# Occupational Pension - High Risk Investments



## flossie (8 Sep 2011)

Very quick question, i managed to get my company to setup an occupational pension (thanks for previous information Baracuda) which is just about complete. Funds from my PRSA will transfer across soon.

Been having a look over how to split my funds....i get the general impression that as i have 30+ years to retirement, i should be 'OK' to invest in higher risk returns. My PRSA was currently split 85/15 between 2 high risk funds. I'm wondering whether to keep this set up in place, or should i do some more splits, spread the funds over say 5 different funds?

I am on a Zurich pension. 29 years old, company contribute 8% and i contribute 7% at the moment. Plan to keep putting in maximum available amounts for the forseeable future.


----------



## Baracuda (12 Sep 2011)

Personally I would leave the PRSA as is and not transfer the value, why I hear you ask? Your PRSA can be drawn down at any age over the age of 60 using current regulations where as your Occ pension has a set retirement date. So lets say that when you turn 60 you decide to retire you can surrender the PRSA and get your TFLS where as if you transfer the value into the scheme you will have to wait till normal retirement age. There are also other reasons as well to consider such as personal estate planning where this would be good idea.

I would take it that the pension's advisor advised you which funds were most suitable for your risk tolerance. I assume that you have a high risk to reward tolerance. The question that you ask is incomplete as we could advice you too go ahead and invest in up to 5 high risk funds, but what if there are all equity funds that are similar! My opinion on this subject (this is not advice) is to invest in a range of different assets such as a main equity index, emerging markets equity index, commodites index and bond index and perhaps property (UK property up about 5%YTD but there maybe trouble ahead) The % to invest in each of the above should be reviewed yearly especially as you get closer to retirement! 

Just that you know that while Zurich managed funds performance has been exceptional in the past, it gives little indication to how it may perform in the future, it is also worth noting that managed funds rarely if ever, outperform the index that they are benchmarked against, managed funds usually have higher AMC than indexed funds so my advice this time is to invest in indexed funds and save money in charges and get the true market return!


----------



## flossie (12 Sep 2011)

Baracuda,

As ever, great advice - thank you so much. 

To be honest, my pension advisor hasn't been in touch. I got notification from my HR department last week that they had finalised the changover. Nothing has been mentioned as to fixed retirement date etc. This is not the first time i have received lack of communications!

In terms of risk i feel that as i am still in my 20s i can tolerate the high risks for a while....as i mentioned in other threads, i am still very confused about pensions, but i feel that as i have 30+ years to retirement i can afford to high risk for a while.....and gradually wind things down to lower risks as i get older. I like the idea of investing in different aqssets.....when the pension advisor (eventually!) gets in touch i shall discuss this further with them. Out of interest, if i am not happy with the attitude of the advisor can i ask to change them? 
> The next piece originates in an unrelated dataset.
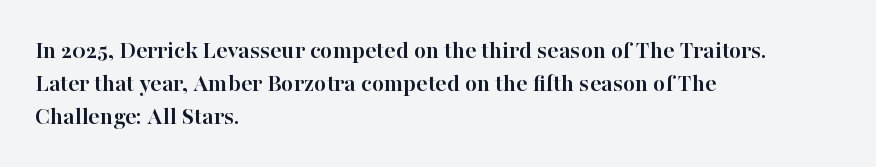
A full-strength bold gives these letters their thick strokes. The gaps between neighbouring characters are ordinary and unremarkable. The lines sit at an ordinary, default distance from one another. Descender tails drop into unmarked territory.
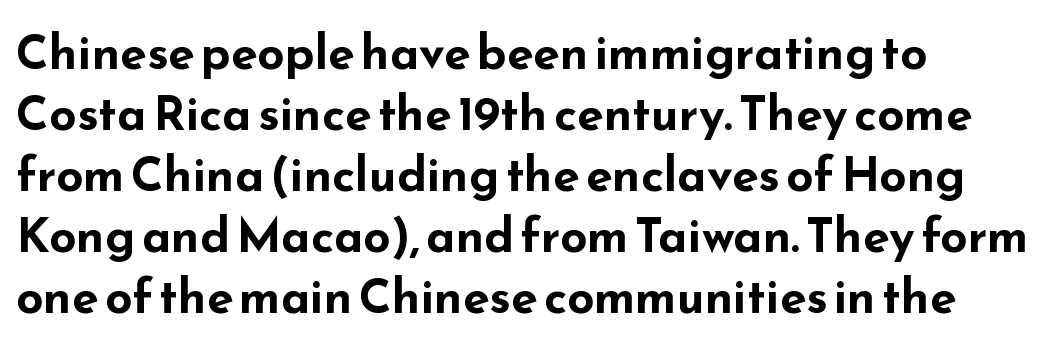
The image shows 48 px bold, wide sans-serif type, upright; set left-aligned, normal line spacing (1.27x), normal letter spacing, not underlined; low stroke contrast and a small x-height.

In terms of estate planning, i am guessing that you mean if i pass away it is the way the monies go into my estate? I am looking into making my will this year (eek! ) so would be interesting to see how this has an impact. 

This situation is a pain as i am the only employee in Ireland to be in this situation. As my HR department are overseas they don't understand the situation too well. It's frustrating!


----------



## Baracuda (12 Sep 2011)

> Out of interest, if i am not happy with the attitude of the advisor can i ask to change them?


If your employer has chosen a corporate pension provider then the answer is no as the account manager is chosen by your employer. If you had a say and it the pension is a one member scheme then you may have a say to some extent.


> In terms of estate planning, i am guessing that you mean if i pass away it is the way the monies go into my estate?


 Yes the value of the pension is paid to your estate taxfree if you die in service, PRSA's are treated the same until you decide to take benefits. In the case of benefits being drawn, the value of of an AMRF/ARF is subject to inheritance tax rules, or if you are married the AMRF/ARF is transfered to your husband as a ARF and he would be liable to income tax. So you could draw down benefits from Occ pension and this would be subject tax in the event of death but if you leave the PRSA and do not take benefits and you were to die before your 75th birthday, the value would be passed onto your estate taxfree. 

By the way I assume that your employers DB scheme provides Death in Service benefits...make sure that you get this added onto your DC scheme if the DB scheme members have this benefit!


----------



## flossie (13 Sep 2011)

Thanks again Baracuda....

In terms of death in service i receive 4.5 x my salary to my estate (just realised i have left my ex as a benificiary on that, must change it! ) and when i came back to Ireland this remained the same (it's written into my emplyment contract).

Interesting about the PRSA benefit to the estate. As i currently have no dependents (other than a dog!) my estate is to be passed to my parents, guessing the rules you listed above apply here too. 

I think I will request a meeting with the pension advisor, get them to come out and visit me one evening and double/triple check i understand everything.

Thanks once again, i only hope i can provide some assistance to you one day 

Floss.


----------